Aim of the exercise
Please restate all of the records word for word, setting the pictures aside.

Records supplied
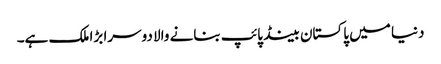
دنیا میں پاکستان بینڈ پائپ بنانے والا دوسرا بڑا ملک ہے۔
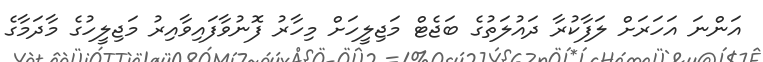
އަންނަ އަހަރަށް ލަފާކުރާ ދައުލަތުގެ ބަޖެޓް މަޖިލީހަށް މިހާރު ފޮނުވާފައިވާއިރު މަޖިލީހުގެ މާދަމާގެ
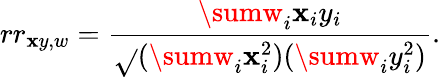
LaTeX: rr_{\mathbf{x}y,w}={\frac{{\sumw_{i}\mathbf{x}_{i}y_{i}}}{{\sqrt{}{{(\sumw_{i}\mathbf{x}_{i}^{2})(\sumw_{i}y_{i}^{2})}}}}}.
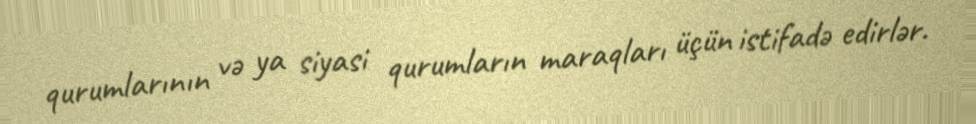
qurumlarının və ya siyasi qurumların maraqları üçün istifadə edirlər.
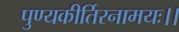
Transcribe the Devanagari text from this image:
पुण्यकीर्तिरनामयः।।
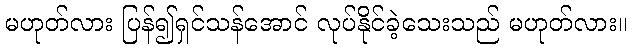
မဟုတ်လား ပြန်၍ရှင်သန်အောင် လုပ်နိုင်ခဲ့သေးသည် မဟုတ်လား။
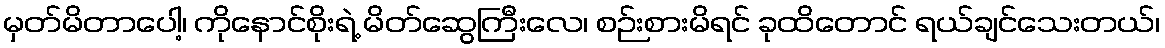
မှတ်မိတာပေါ့၊ ကိုနောင်စိုးရဲ့ မိတ်ဆွေကြီးလေ၊ စဉ်းစားမိရင် ခုထိတောင် ရယ်ချင်သေးတယ်၊
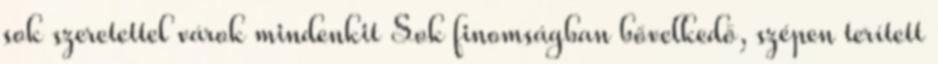
sok szeretettel várok mindenkit Sok finomságban bővelkedő, szépen terített

Reply to the task
دنیا میں پاکستان بینڈ پائپ بنانے والا دوسرا بڑا ملک ہے۔
އަންނަ އަހަރަށް ލަފާކުރާ ދައުލަތުގެ ބަޖެޓް މަޖިލީހަށް މިހާރު ފޮނުވާފައިވާއިރު މަޖިލީހުގެ މާދަމާގެ
LaTeX: rr_{\mathbf{x}y,w}={\frac{{\sumw_{i}\mathbf{x}_{i}y_{i}}}{{\sqrt{}{{(\sumw_{i}\mathbf{x}_{i}^{2})(\sumw_{i}y_{i}^{2})}}}}}.
qurumlarının və ya siyasi qurumların maraqları üçün istifadə edirlər.
Transcribe the Devanagari text from this image:
पुण्यकीर्तिरनामयः।।
မဟုတ်လား ပြန်၍ရှင်သန်အောင် လုပ်နိုင်ခဲ့သေးသည် မဟုတ်လား။
မှတ်မိတာပေါ့၊ ကိုနောင်စိုးရဲ့ မိတ်ဆွေကြီးလေ၊ စဉ်းစားမိရင် ခုထိတောင် ရယ်ချင်သေးတယ်၊
sok szeretettel várok mindenkit Sok finomságban bővelkedő, szépen terített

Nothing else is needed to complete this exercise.